Start of Block

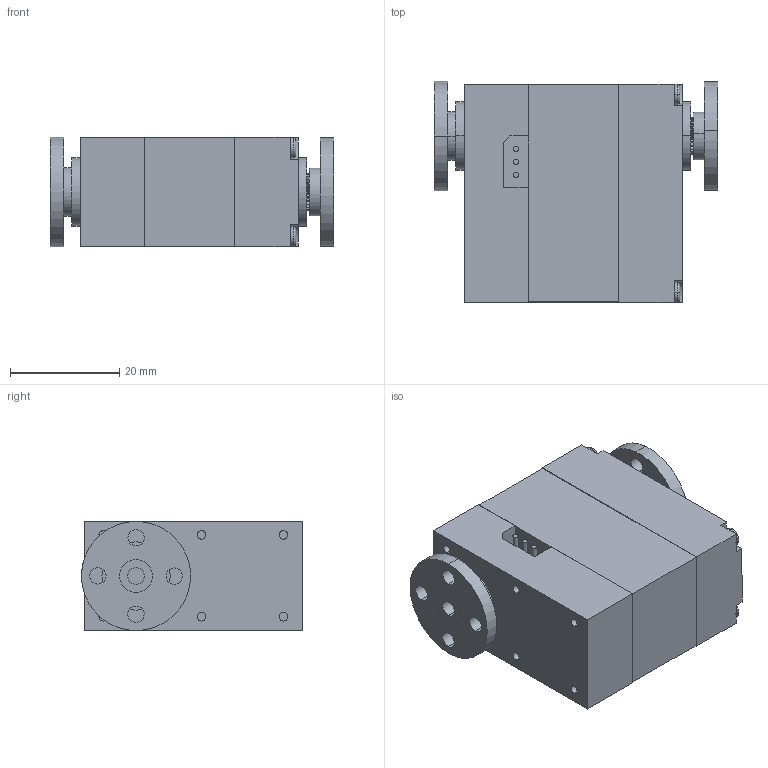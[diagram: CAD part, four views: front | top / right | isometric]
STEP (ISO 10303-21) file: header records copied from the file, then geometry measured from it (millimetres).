
FILE_DESCRIPTION (( 'STEP AP203' ), '1' );
FILE_NAME ('金属舵机最小单元-双轴.STEP', '2025-05-17T07:10:29', ( '' ), ( '' ), 'SwSTEP 2.0', 'SolidWorks 2020', '' );
FILE_SCHEMA (( 'CONFIG_CONTROL_DESIGN' ));
Length unit declared in the file: millimetre
Products named in the file (4): 踢扽萵嗆攫; 金属舵机最小单元-双轴; 軞盄邧粣嗆儂; 踢扽翋嗆攫
Assembly tree (3 placements, depth 2):
  金属舵机最小单元-双轴
    軞盄邧粣嗆儂
    踢扽萵嗆攫
    踢扽翋嗆攫
Bounding box: 52 x 40.5 x 20 mm (x, y, z)
Volume: 33248.3 mm3; surface area: 9410.9 mm2
Topology: 3 solids, 3 shells, 457 faces, 1248 edges, 828 vertices
Faces by surface type: plane 243, cylinder 186, cone 16, torus 8, bspline 4
Entity records: 15152 total; most frequent: CARTESIAN_POINT 2767, DIRECTION 2594, ORIENTED_EDGE 2496, EDGE_CURVE 1248, AXIS2_PLACEMENT_3D 959, VERTEX_POINT 828, VECTOR 676, LINE 676
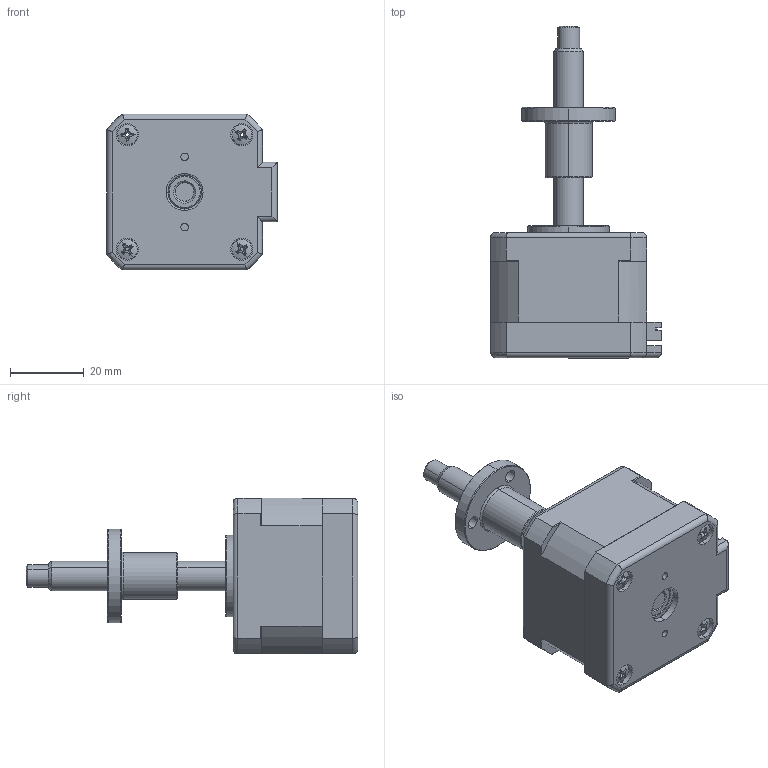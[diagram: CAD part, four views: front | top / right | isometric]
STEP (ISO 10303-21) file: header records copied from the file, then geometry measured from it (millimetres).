
FILE_DESCRIPTION (( 'STEP AP203' ), '1' );
FILE_NAME ('LE174S-T08012-50-AR3-S-065.STEP', '2018-08-10T12:13:27', ( '' ), ( '' ), 'SwSTEP 2.0', 'SolidWorks 2014', '' );
FILE_SCHEMA (( 'CONFIG_CONTROL_DESIGN' ));
Length unit declared in the file: millimetre
Products named in the file (1): LE174S-T08012-50-AR3-S-065
Bounding box: 46.2 x 89.8 x 42.2 mm (x, y, z)
Surface area: 15763.7 mm2 (no closed solid volume)
Topology: 0 solids, 16 shells, 329 faces, 1006 edges, 696 vertices
Faces by surface type: plane 173, cylinder 80, cone 54, torus 14, sphere 8
Entity records: 11882 total; most frequent: CARTESIAN_POINT 2906, DIRECTION 1806, ORIENTED_EDGE 1770, EDGE_CURVE 1006, VERTEX_POINT 696, AXIS2_PLACEMENT_3D 610, VECTOR 586, LINE 586
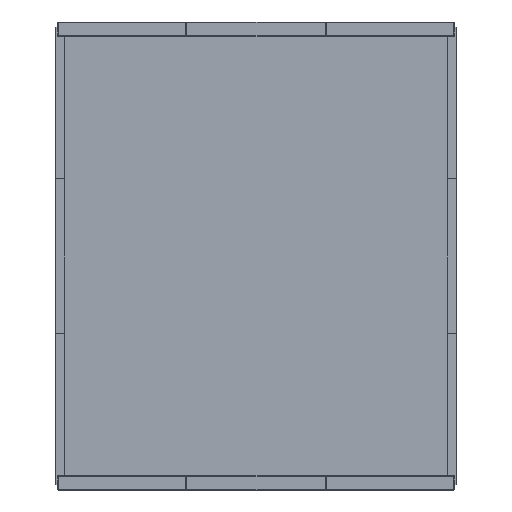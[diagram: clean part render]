
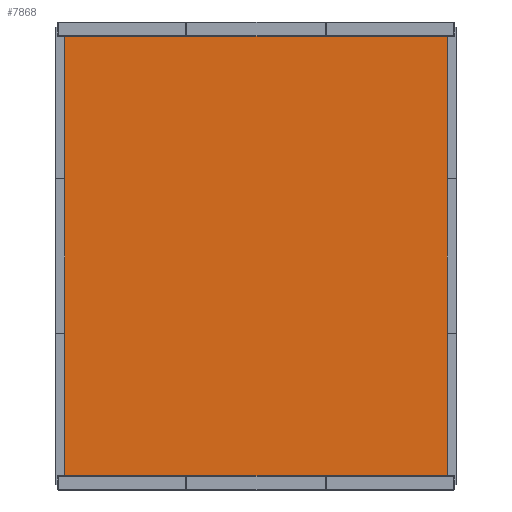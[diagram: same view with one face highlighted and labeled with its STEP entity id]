
A CAD part, left-side view. The second image highlights one B-rep face of the part: STEP entity #7868.
In plain terms, the highlighted planar face has unit normal (-1, 0, 0).
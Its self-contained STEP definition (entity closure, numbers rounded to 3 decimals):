
#334=FACE_OUTER_BOUND('',#808,.T.);
#808=EDGE_LOOP('',(#5217,#5218,#5219,#5220));
#1346=LINE('',#11323,#2376);
#1351=LINE('',#11333,#2381);
#1352=LINE('',#11336,#2382);
#1353=LINE('',#11337,#2383);
#2376=VECTOR('',#9103,10.);
#2381=VECTOR('',#9112,10.);
#2382=VECTOR('',#9115,10.);
#2383=VECTOR('',#9116,10.);
#3403=VERTEX_POINT('',#11316);
#3406=VERTEX_POINT('',#11321);
#3409=VERTEX_POINT('',#11331);
#3410=VERTEX_POINT('',#11335);
#4090=EDGE_CURVE('',#3406,#3403,#1346,.T.);
#4095=EDGE_CURVE('',#3406,#3409,#1351,.T.);
#4096=EDGE_CURVE('',#3410,#3409,#1352,.T.);
#4097=EDGE_CURVE('',#3403,#3410,#1353,.T.);
#5217=ORIENTED_EDGE('',*,*,#4095,.T.);
#5218=ORIENTED_EDGE('',*,*,#4096,.F.);
#5219=ORIENTED_EDGE('',*,*,#4097,.F.);
#5220=ORIENTED_EDGE('',*,*,#4090,.F.);
#7444=PLANE('',#8503);
#7868=ADVANCED_FACE('',(#334),#7444,.T.);
#8503=AXIS2_PLACEMENT_3D('',#11334,#9113,#9114);
#9103=DIRECTION('',(0.,-1.,0.));
#9112=DIRECTION('',(0.,0.,-1.));
#9113=DIRECTION('center_axis',(-1.,0.,0.));
#9114=DIRECTION('ref_axis',(0.,1.,0.));
#9115=DIRECTION('',(0.,1.,0.));
#9116=DIRECTION('',(0.,0.,-1.));
#11316=CARTESIAN_POINT('',(-247.5,-205.,235.));
#11321=CARTESIAN_POINT('',(-247.5,205.,235.));
#11323=CARTESIAN_POINT('',(-247.5,-205.,235.));
#11331=CARTESIAN_POINT('',(-247.5,205.,-235.));
#11333=CARTESIAN_POINT('',(-247.5,205.,-85.));
#11334=CARTESIAN_POINT('Origin',(-247.5,-205.,-85.));
#11335=CARTESIAN_POINT('',(-247.5,-205.,-235.));
#11336=CARTESIAN_POINT('',(-247.5,-205.,-235.));
#11337=CARTESIAN_POINT('',(-247.5,-205.,-85.));
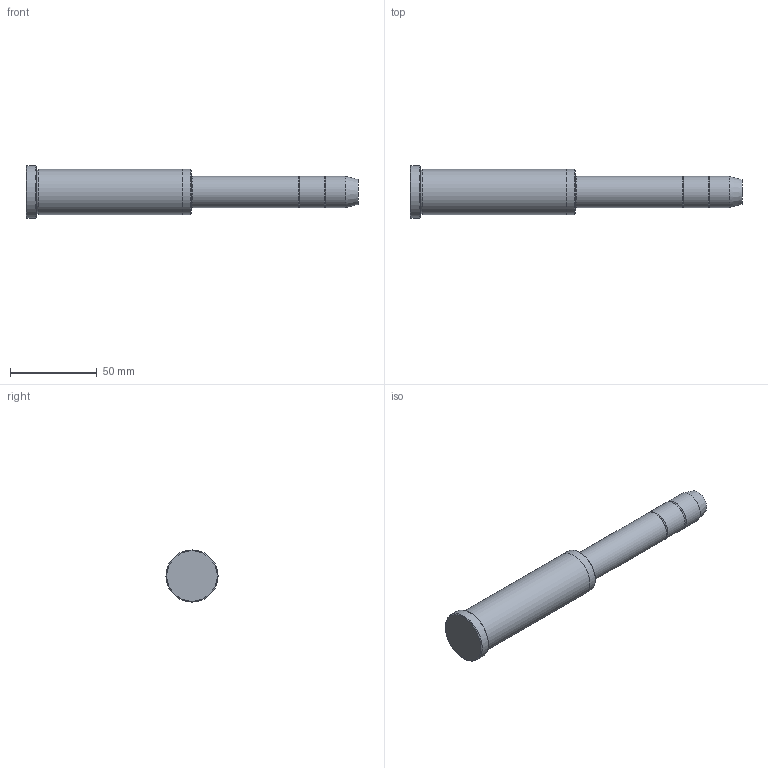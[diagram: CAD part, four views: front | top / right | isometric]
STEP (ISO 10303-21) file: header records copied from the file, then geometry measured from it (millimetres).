
FILE_DESCRIPTION( ( 'Unknown' ), '1' );
FILE_NAME( 'GCS_18x95x096.stp', 'Unknown', ( 'Unknown' ), ( 'Unknown' ), 'XStep 1.0', 'Unknown', ' ' );
FILE_SCHEMA( ( 'CONFIG_CONTROL_DESIGN' ) );
Length unit declared in the file: millimetre
Products named in the file (1): 1
Bounding box: 191 x 30 x 30 mm (x, y, z)
Volume: 75472 mm3; surface area: 14563.4 mm2
Topology: 1 solids, 1 shells, 19 faces, 36 edges, 22 vertices
Faces by surface type: cylinder 6, plane 5, torus 4, cone 4
Full cylindrical faces by diameter (mm): 18 x3, 25.999 x1, 26 x1, 30 x1
Entity records: 419 total; most frequent: DIRECTION 76, CARTESIAN_POINT 56, AXIS2_PLACEMENT_3D 38, EDGE_LOOP 36, ORIENTED_EDGE 36, FACE_OUTER_BOUND 29, ADVANCED_FACE 19, EDGE_CURVE 18

End of Block

→ Exercise details
Please, without any pictures, write out exactly the lines of the listing from its first line through the line that holds "Volume: 33248.3 mm3; surface area: 9410.9 mm2", ends included, and nothing beyond them.

→ Result
[diagram: CAD part, four views: front | top / right | isometric]
STEP (ISO 10303-21) file: header records copied from the file, then geometry measured from it (millimetres).
FILE_DESCRIPTION (( 'STEP AP203' ), '1' );
FILE_NAME ('金属舵机最小单元-双轴.STEP', '2025-05-17T07:10:29', ( '' ), ( '' ), 'SwSTEP 2.0', 'SolidWorks 2020', '' );
FILE_SCHEMA (( 'CONFIG_CONTROL_DESIGN' ));
Length unit declared in the file: millimetre
Products named in the file (4): 踢扽萵嗆攫; 金属舵机最小单元-双轴; 軞盄邧粣嗆儂; 踢扽翋嗆攫
Assembly tree (3 placements, depth 2):
  金属舵机最小单元-双轴
    軞盄邧粣嗆儂
    踢扽萵嗆攫
    踢扽翋嗆攫
Bounding box: 52 x 40.5 x 20 mm (x, y, z)
Volume: 33248.3 mm3; surface area: 9410.9 mm2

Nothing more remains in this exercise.